● Problem description
Write an exact copy of the entries below that leaves out all pictures.
******************************
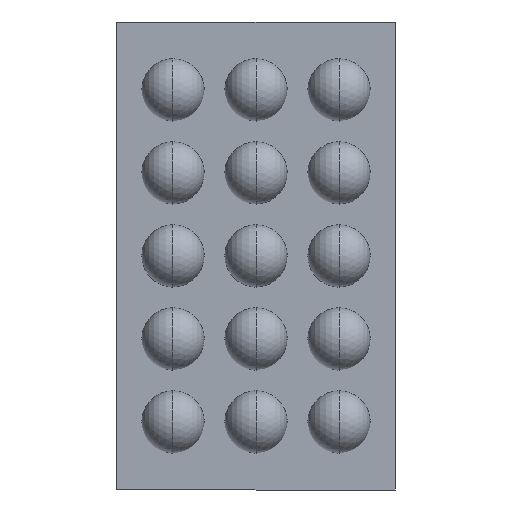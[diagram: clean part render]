
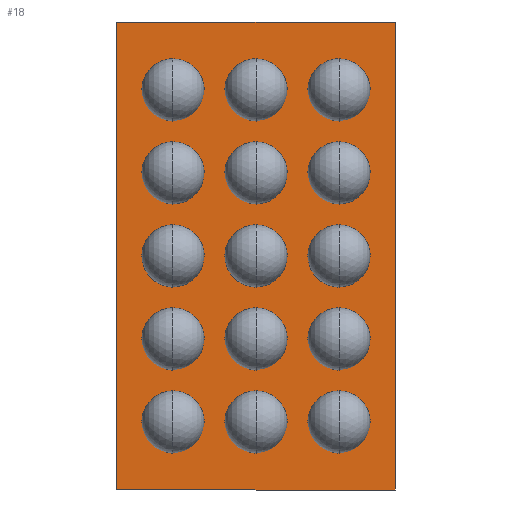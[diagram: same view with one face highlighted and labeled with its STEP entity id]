
A CAD part, front view. The second image highlights one B-rep face of the part: STEP entity #18.
In plain terms, the highlighted planar face has unit normal (0, -1, 0).
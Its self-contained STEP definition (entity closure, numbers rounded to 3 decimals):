
#18 = ADVANCED_FACE ( 'NONE', ( #940 ), #354, .F. ) ;
#27 = CARTESIAN_POINT ( 'NONE',  ( 0.672, 0., 1.127 ) ) ;
#63 = VECTOR ( 'NONE', #403, 1000. ) ;
#81 = EDGE_CURVE ( 'NONE', #529, #142, #351, .T. ) ;
#127 = DIRECTION ( 'NONE',  ( 0., 1., 0. ) ) ;
#142 = VERTEX_POINT ( 'NONE', #920 ) ;
#143 = ORIENTED_EDGE ( 'NONE', *, *, #240, .F. ) ;
#163 = VECTOR ( 'NONE', #524, 1000. ) ;
#166 = CARTESIAN_POINT ( 'NONE',  ( 0.672, 0., 1.127 ) ) ;
#189 = LINE ( 'NONE', #874, #63 ) ;
#240 = EDGE_CURVE ( 'NONE', #376, #647, #189, .T. ) ;
#264 = EDGE_LOOP ( 'NONE', ( #338, #505, #625, #143 ) ) ;
#273 = VECTOR ( 'NONE', #951, 1000. ) ;
#327 = EDGE_CURVE ( 'NONE', #142, #376, #872, .T. ) ;
#338 = ORIENTED_EDGE ( 'NONE', *, *, #327, .F. ) ;
#343 = EDGE_CURVE ( 'NONE', #647, #529, #997, .T. ) ;
#351 = LINE ( 'NONE', #985, #163 ) ;
#354 = PLANE ( 'NONE',  #983 ) ;
#376 = VERTEX_POINT ( 'NONE', #866 ) ;
#403 = DIRECTION ( 'NONE',  ( 1., 0., 0. ) ) ;
#449 = CARTESIAN_POINT ( 'NONE',  ( 0., 0., 0. ) ) ;
#500 = DIRECTION ( 'NONE',  ( 0., 0., 1. ) ) ;
#505 = ORIENTED_EDGE ( 'NONE', *, *, #81, .F. ) ;
#524 = DIRECTION ( 'NONE',  ( -1., 0., 0. ) ) ;
#529 = VERTEX_POINT ( 'NONE', #750 ) ;
#625 = ORIENTED_EDGE ( 'NONE', *, *, #343, .F. ) ;
#630 = DIRECTION ( 'NONE',  ( 0., 0., 1. ) ) ;
#647 = VERTEX_POINT ( 'NONE', #166 ) ;
#714 = CARTESIAN_POINT ( 'NONE',  ( -0.672, 0., 1.128 ) ) ;
#715 = VECTOR ( 'NONE', #630, 1000. ) ;
#750 = CARTESIAN_POINT ( 'NONE',  ( 0.672, 0., -1.127 ) ) ;
#866 = CARTESIAN_POINT ( 'NONE',  ( -0.672, 0., 1.128 ) ) ;
#872 = LINE ( 'NONE', #714, #715 ) ;
#874 = CARTESIAN_POINT ( 'NONE',  ( 0.672, 0., 1.127 ) ) ;
#920 = CARTESIAN_POINT ( 'NONE',  ( -0.672, 0., -1.127 ) ) ;
#940 = FACE_OUTER_BOUND ( 'NONE', #264, .T. ) ;
#951 = DIRECTION ( 'NONE',  ( 0., 0., -1. ) ) ;
#983 = AXIS2_PLACEMENT_3D ( 'NONE', #449, #127, #500 ) ;
#985 = CARTESIAN_POINT ( 'NONE',  ( 0.672, 0., -1.127 ) ) ;
#997 = LINE ( 'NONE', #27, #273 ) ;
******************************
● Result of this task
[diagram: clean part render]
[diagram: same view with one face highlighted and labeled with its STEP entity id]
A CAD part, front view. The second image highlights one B-rep face of the part: STEP entity #18.
In plain terms, the highlighted planar face has unit normal (0, -1, 0).
Its self-contained STEP definition (entity closure, numbers rounded to 3 decimals):
#18 = ADVANCED_FACE ( 'NONE', ( #940 ), #354, .F. ) ;
#27 = CARTESIAN_POINT ( 'NONE',  ( 0.672, 0., 1.127 ) ) ;
#63 = VECTOR ( 'NONE', #403, 1000. ) ;
#81 = EDGE_CURVE ( 'NONE', #529, #142, #351, .T. ) ;
#127 = DIRECTION ( 'NONE',  ( 0., 1., 0. ) ) ;
#142 = VERTEX_POINT ( 'NONE', #920 ) ;
#143 = ORIENTED_EDGE ( 'NONE', *, *, #240, .F. ) ;
#163 = VECTOR ( 'NONE', #524, 1000. ) ;
#166 = CARTESIAN_POINT ( 'NONE',  ( 0.672, 0., 1.127 ) ) ;
#189 = LINE ( 'NONE', #874, #63 ) ;
#240 = EDGE_CURVE ( 'NONE', #376, #647, #189, .T. ) ;
#264 = EDGE_LOOP ( 'NONE', ( #338, #505, #625, #143 ) ) ;
#273 = VECTOR ( 'NONE', #951, 1000. ) ;
#327 = EDGE_CURVE ( 'NONE', #142, #376, #872, .T. ) ;
#338 = ORIENTED_EDGE ( 'NONE', *, *, #327, .F. ) ;
#343 = EDGE_CURVE ( 'NONE', #647, #529, #997, .T. ) ;
#351 = LINE ( 'NONE', #985, #163 ) ;
#354 = PLANE ( 'NONE',  #983 ) ;
#376 = VERTEX_POINT ( 'NONE', #866 ) ;
#403 = DIRECTION ( 'NONE',  ( 1., 0., 0. ) ) ;
#449 = CARTESIAN_POINT ( 'NONE',  ( 0., 0., 0. ) ) ;
#500 = DIRECTION ( 'NONE',  ( 0., 0., 1. ) ) ;
#505 = ORIENTED_EDGE ( 'NONE', *, *, #81, .F. ) ;
#524 = DIRECTION ( 'NONE',  ( -1., 0., 0. ) ) ;
#529 = VERTEX_POINT ( 'NONE', #750 ) ;
#625 = ORIENTED_EDGE ( 'NONE', *, *, #343, .F. ) ;
#630 = DIRECTION ( 'NONE',  ( 0., 0., 1. ) ) ;
#647 = VERTEX_POINT ( 'NONE', #166 ) ;
#714 = CARTESIAN_POINT ( 'NONE',  ( -0.672, 0., 1.128 ) ) ;
#715 = VECTOR ( 'NONE', #630, 1000. ) ;
#750 = CARTESIAN_POINT ( 'NONE',  ( 0.672, 0., -1.127 ) ) ;
#866 = CARTESIAN_POINT ( 'NONE',  ( -0.672, 0., 1.128 ) ) ;
#872 = LINE ( 'NONE', #714, #715 ) ;
#874 = CARTESIAN_POINT ( 'NONE',  ( 0.672, 0., 1.127 ) ) ;
#920 = CARTESIAN_POINT ( 'NONE',  ( -0.672, 0., -1.127 ) ) ;
#940 = FACE_OUTER_BOUND ( 'NONE', #264, .T. ) ;
#951 = DIRECTION ( 'NONE',  ( 0., 0., -1. ) ) ;
#983 = AXIS2_PLACEMENT_3D ( 'NONE', #449, #127, #500 ) ;
#985 = CARTESIAN_POINT ( 'NONE',  ( 0.672, 0., -1.127 ) ) ;
#997 = LINE ( 'NONE', #27, #273 ) ;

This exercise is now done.